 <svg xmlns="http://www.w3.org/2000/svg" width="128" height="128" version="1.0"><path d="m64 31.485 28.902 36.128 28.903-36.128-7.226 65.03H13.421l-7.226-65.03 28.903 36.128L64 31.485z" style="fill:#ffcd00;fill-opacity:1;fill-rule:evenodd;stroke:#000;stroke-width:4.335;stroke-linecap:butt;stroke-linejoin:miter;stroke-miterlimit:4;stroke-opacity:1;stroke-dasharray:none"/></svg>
- - -
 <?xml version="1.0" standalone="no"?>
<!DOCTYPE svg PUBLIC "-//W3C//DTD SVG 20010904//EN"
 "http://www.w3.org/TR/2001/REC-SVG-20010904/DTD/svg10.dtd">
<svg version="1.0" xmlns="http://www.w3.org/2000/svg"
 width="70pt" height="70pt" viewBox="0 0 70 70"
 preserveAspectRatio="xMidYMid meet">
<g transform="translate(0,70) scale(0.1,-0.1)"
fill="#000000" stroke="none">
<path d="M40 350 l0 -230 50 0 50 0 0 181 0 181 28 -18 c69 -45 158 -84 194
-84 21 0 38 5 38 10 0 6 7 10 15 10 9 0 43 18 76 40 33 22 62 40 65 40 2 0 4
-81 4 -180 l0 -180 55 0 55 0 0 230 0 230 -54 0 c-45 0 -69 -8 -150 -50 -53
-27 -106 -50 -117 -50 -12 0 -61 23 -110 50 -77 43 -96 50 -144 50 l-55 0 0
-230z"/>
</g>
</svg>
- - -
> Exercise objective: Wherever the word "stroke" turns up in the records, copy out the line it is on.

> Completed task:
 <svg xmlns="http://www.w3.org/2000/svg" width="128" height="128" version="1.0"><path d="m64 31.485 28.902 36.128 28.903-36.128-7.226 65.03H13.421l-7.226-65.03 28.903 36.128L64 31.485z" style="fill:#ffcd00;fill-opacity:1;fill-rule:evenodd;stroke:#000;stroke-width:4.335;stroke-linecap:butt;stroke-linejoin:miter;stroke-miterlimit:4;stroke-opacity:1;stroke-dasharray:none"/></svg>
fill="#000000" stroke="none">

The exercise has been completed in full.